Finance Minister Hong Nam-ki (left) delivers the opening remarks at the ASEAN+3 Finance Ministers’ and Central Bank Governors’ Meeting, which was held online at the Four Seasons Hotel Seoul, in Seoul on Monday. (Yonhap)
Finance Minister Hong Nam-ki (left) delivers the opening remarks at the ASEAN+3 Finance Ministers’ and Central Bank Governors’ Meeting, which was held online at the Four Seasons Hotel Seoul, in Seoul on Monday. (Yonhap)


As uncertainties surrounding an uneven economic revival from the COVID-19 pandemic linger in the Asian region, top economic policymakers and central bank chiefs from South Korea, China and Japan on Monday pledged to maintain an open trade regime and strengthen regional cooperation.
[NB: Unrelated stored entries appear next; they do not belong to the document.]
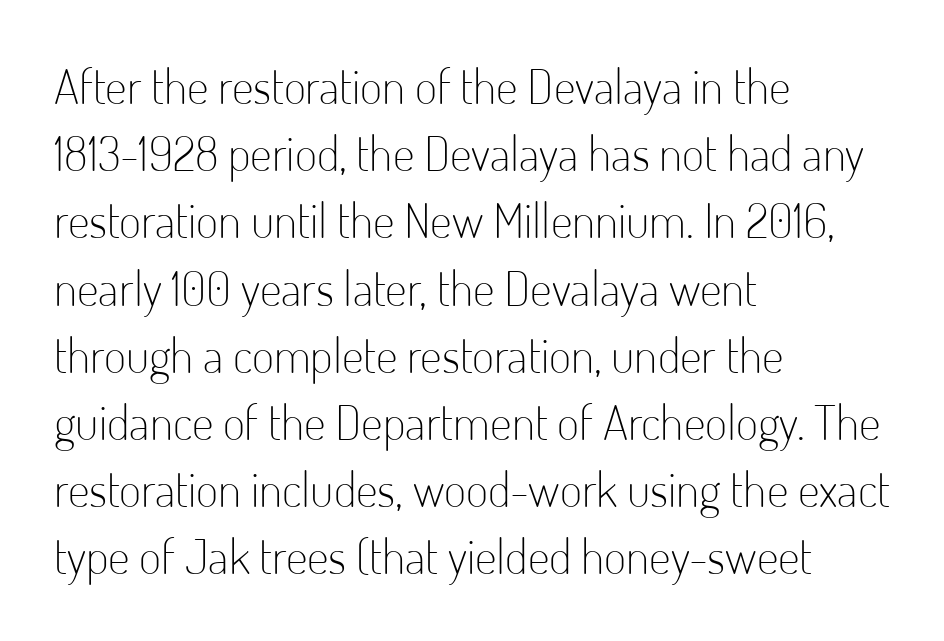
{"serif": "no", "italic": "no", "bold": "no", "weight": "light", "width": "condensed", "stroke_contrast": "low", "x_height": "small", "monospaced": "no", "underline": "no", "align": "left", "line_spacing": "normal", "line_spacing_ratio": 1.4, "letter_spacing": "normal", "letter_spacing_em": 0.0, "glyph_px": 48}
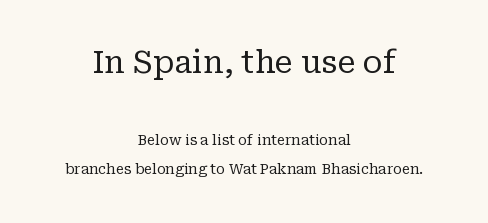
Alignment: centered. Are there feet on the stems? There are — it's a serif. The passage shown is not bold in any degree. You get the large type first, then a drop to smaller type.
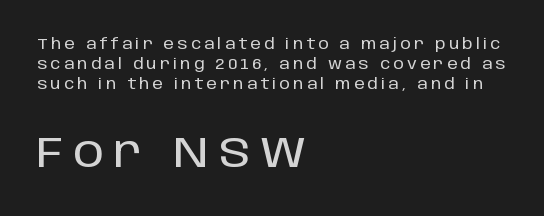
The image shows 44 px sans-serif type, upright; set left-aligned, normal line spacing (1.34x), unusually wide letter spacing (+0.22 em), not underlined; the second (bottom) block is 2.93x larger; low stroke contrast and a large x-height.
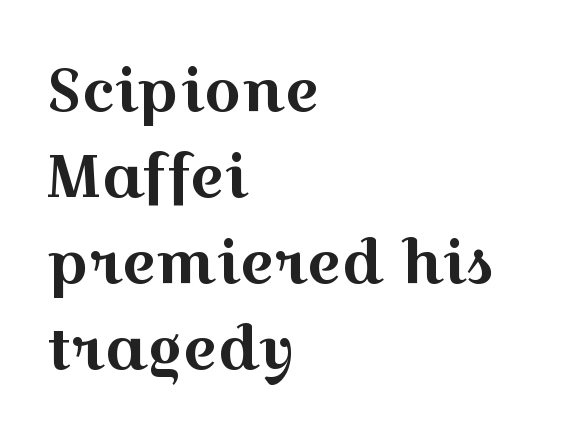
{"serif": "yes", "italic": "no", "width": "wide", "x_height": "medium", "monospaced": "no", "underline": "no", "align": "left", "line_spacing": "normal", "line_spacing_ratio": 1.46, "letter_spacing": "normal", "letter_spacing_em": 0.0, "glyph_px": 59}
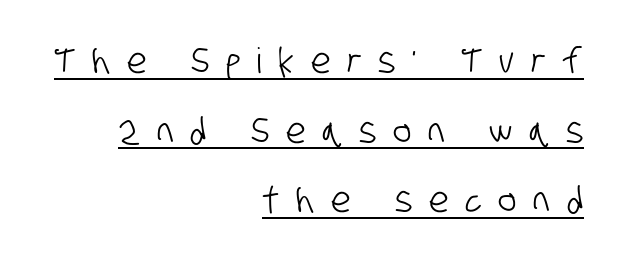
The image shows 35 px condensed sans-serif type; set right-aligned, loose line spacing (1.99x), unusually wide letter spacing (+0.48 em), underlined; low stroke contrast and a large x-height.
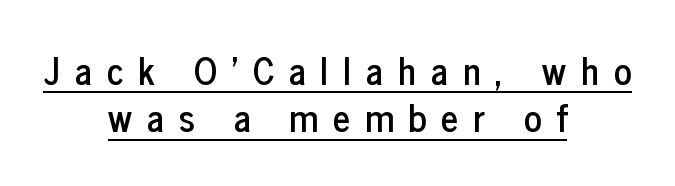
Q: Is the text italic (slanted)? A: No, it is upright.
Q: Is the typeface a serif or a sans-serif typeface? A: Sans-serif.
Q: Is the text underlined? A: Yes.
Q: How is the paragraph aligned? A: Centered.
Q: Is the spacing between letters normal or unusually wide? A: Unusually wide.
Q: Is the spacing between lines tight, normal or loose? A: Normal.
Q: Width (condensed, normal, or wide)? A: Condensed.
Q: Stroke contrast? A: Low.
Q: x-height? A: Medium.
Q: Monospaced? A: No.
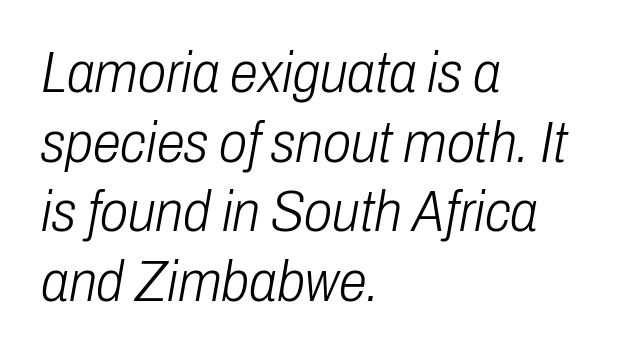
{"italic": "yes", "lean": "right", "slant_degrees": 10, "bold": "no", "weight": "light", "width": "condensed", "stroke_contrast": "low", "x_height": "medium", "monospaced": "no", "underline": "no", "align": "left", "line_spacing_ratio": 1.22, "letter_spacing": "normal", "letter_spacing_em": 0.0, "glyph_px": 57}
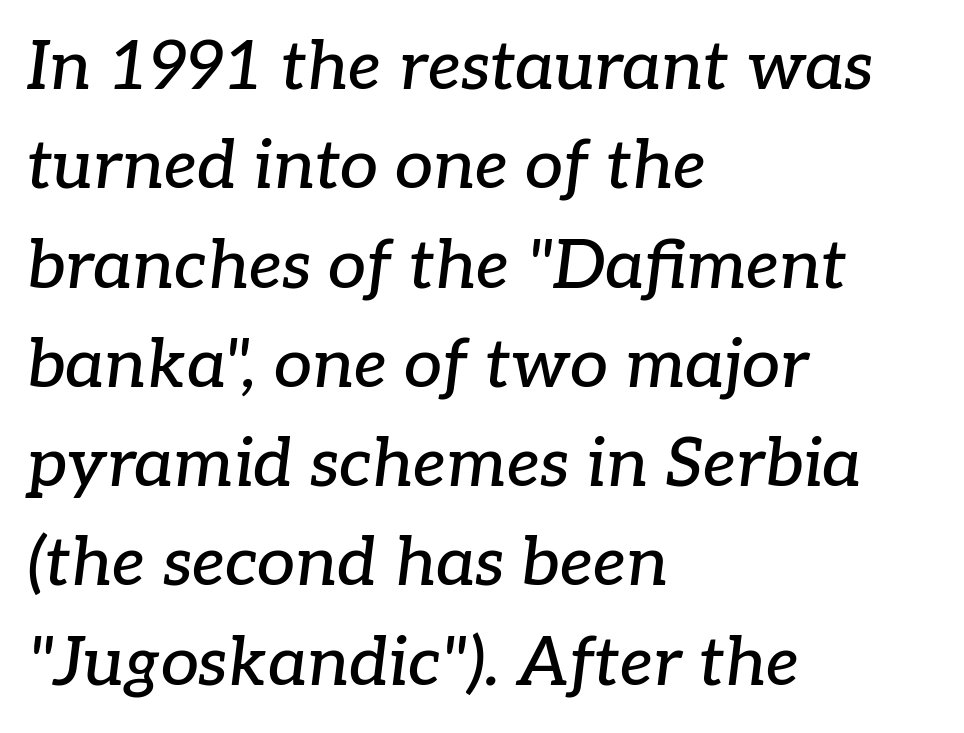
Proportional: the letters do not fall into vertical columns. The passage shown is typeset with a serif family. The letters sit at their default tracking, neither squeezed nor spread. Underlining? Definitely not there. In terms of leading, this rendering sits right in the middle. The compositor pushed each line to the left boundary.
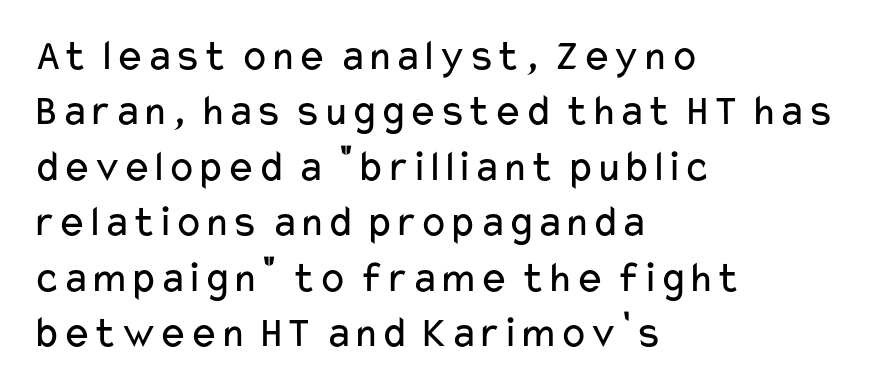
Leading matches the norm, producing a regular column. Stems here are at most as thick as an everyday book face. Caption: standard tracking, unaltered. Line starts are locked; line ends wander.

“The regional outlook has improved, with continued policy support and growing vaccine coverage. However, we should remain vigilant as the economic recovery has been uneven across and within member economies, uncertain and subject to elevated downside risks,” they said in a joint statement released after their trilateral meeting, which was held virtually.

The meeting was attended by Korean Finance Minister Hong Nam-ki and Bank of Korea Gov. Lee Ju-yeol, as well as their Chinese and Japanese counterparts.
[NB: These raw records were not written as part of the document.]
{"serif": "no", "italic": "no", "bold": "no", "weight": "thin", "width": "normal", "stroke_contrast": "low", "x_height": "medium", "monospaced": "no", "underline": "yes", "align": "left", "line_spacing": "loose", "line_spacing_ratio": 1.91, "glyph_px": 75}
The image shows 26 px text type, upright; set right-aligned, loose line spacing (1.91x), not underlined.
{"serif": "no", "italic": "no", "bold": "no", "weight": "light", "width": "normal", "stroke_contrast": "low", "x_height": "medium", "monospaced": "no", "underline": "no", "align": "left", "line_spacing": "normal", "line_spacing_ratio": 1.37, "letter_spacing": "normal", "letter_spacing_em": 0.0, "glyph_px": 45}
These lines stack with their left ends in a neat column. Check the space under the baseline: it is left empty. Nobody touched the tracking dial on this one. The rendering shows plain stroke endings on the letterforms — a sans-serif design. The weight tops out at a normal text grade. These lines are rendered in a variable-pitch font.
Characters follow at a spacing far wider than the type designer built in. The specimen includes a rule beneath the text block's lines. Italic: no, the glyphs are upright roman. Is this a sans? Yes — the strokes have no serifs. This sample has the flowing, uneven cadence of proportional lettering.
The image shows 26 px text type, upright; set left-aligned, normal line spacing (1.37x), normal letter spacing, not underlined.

While seeking to achieve an inclusive recovery and sound financial stability in each nation by shifting the benefits of supportive measures from the general population to the groups most affected by the coronavirus, the three countries will remain resolute in their “commitment to uphold an open and rules-based multilateral trade and investment system,” according to the statement.

In April, the International Monetary Fund upgraded its growth forecast for the broader Asia-Pacific region from 7.3 percent to 7.6 percent for this year, citing advanced economies such as Korea and Japan as key drivers of the sanguine outlook.
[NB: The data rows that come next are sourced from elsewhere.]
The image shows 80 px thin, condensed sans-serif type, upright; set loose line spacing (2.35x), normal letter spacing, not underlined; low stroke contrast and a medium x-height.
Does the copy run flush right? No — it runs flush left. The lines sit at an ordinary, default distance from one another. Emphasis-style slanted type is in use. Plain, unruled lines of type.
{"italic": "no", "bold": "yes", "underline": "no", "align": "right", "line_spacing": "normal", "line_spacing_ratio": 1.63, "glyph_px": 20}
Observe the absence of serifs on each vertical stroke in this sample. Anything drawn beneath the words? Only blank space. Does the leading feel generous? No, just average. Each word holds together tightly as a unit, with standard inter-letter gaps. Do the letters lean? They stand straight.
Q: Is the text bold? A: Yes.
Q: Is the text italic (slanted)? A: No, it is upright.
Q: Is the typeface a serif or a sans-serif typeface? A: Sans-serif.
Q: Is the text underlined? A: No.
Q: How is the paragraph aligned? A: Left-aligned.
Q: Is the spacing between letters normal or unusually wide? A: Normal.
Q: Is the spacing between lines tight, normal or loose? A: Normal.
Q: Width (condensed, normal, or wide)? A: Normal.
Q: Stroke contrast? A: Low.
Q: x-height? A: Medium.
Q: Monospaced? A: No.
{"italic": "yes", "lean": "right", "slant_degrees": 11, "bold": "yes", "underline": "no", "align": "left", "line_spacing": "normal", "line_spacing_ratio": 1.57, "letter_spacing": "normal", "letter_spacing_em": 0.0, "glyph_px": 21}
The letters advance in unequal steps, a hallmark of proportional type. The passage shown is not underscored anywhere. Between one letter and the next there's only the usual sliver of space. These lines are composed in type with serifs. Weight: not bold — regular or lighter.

The agency, however, revised down its economic growth projection for the five largest developing economies in Southeast Asia to 4.9 percent from 5.2 percent due to a rise in the number of COVID-19 cases and renewed lockdowns. The countries are Indonesia, Malaysia, the Philippines, Thailand and Vietnam, all members of the Association of Southeast Asian Nations.

The policymakers stressed the importance of ensuring the operational readiness of the Chiang Mai Initiative Multilateralization, a multilateral currency swap arrangement with total financing capacity of $240 billion launched among the 10 members of ASEAN along with Korea, China and Japan to help address the short-term liquidity difficulties in the region.

“Given the emerging needs to respond to the structural challenges and their profound implication to regional economic and financial stability, we will explore new initiatives to strengthen the ASEAN+3 Regional Financial Safety Net,” they said in the statement.

They also reaffirmed strong support for the ASEAN+3 Macroeconomic Research Office while lauding the agency’s continued efforts to help members achieve a sustained recovery and economic stability by providing timely analysis, risk assessments and policy recommendations.

At the meeting of the ASEAN+3 Finance Ministers and Central Bank Governors, which was held later in the day, the leaders called for the early implementation of Regional Comprehensive Economic Partnership, the world’s largest free trade deal, signed by 15 countries including Australia and New Zealand in November 2020.

They said the deal will help strengthen economic linkages and enhance trade- and investment-related activities.



During the trilateral meeting, the finance minister told his counterparts that the country will continue with expansionary fiscal policy until the economy gets back on track and will push for the Korean green new deal in pursuit of sustainable growth through the development of the renewable energy sector.

Close cooperation among the three nations will create the strong synergy needed to tackle pending issues they have in common, such as climate change and the restoration of multilateralism, as well as low birth rates and aging populations, he added.

The next meetings of the financial chiefs will take place in Colombo, Sri Lanka, in 2022.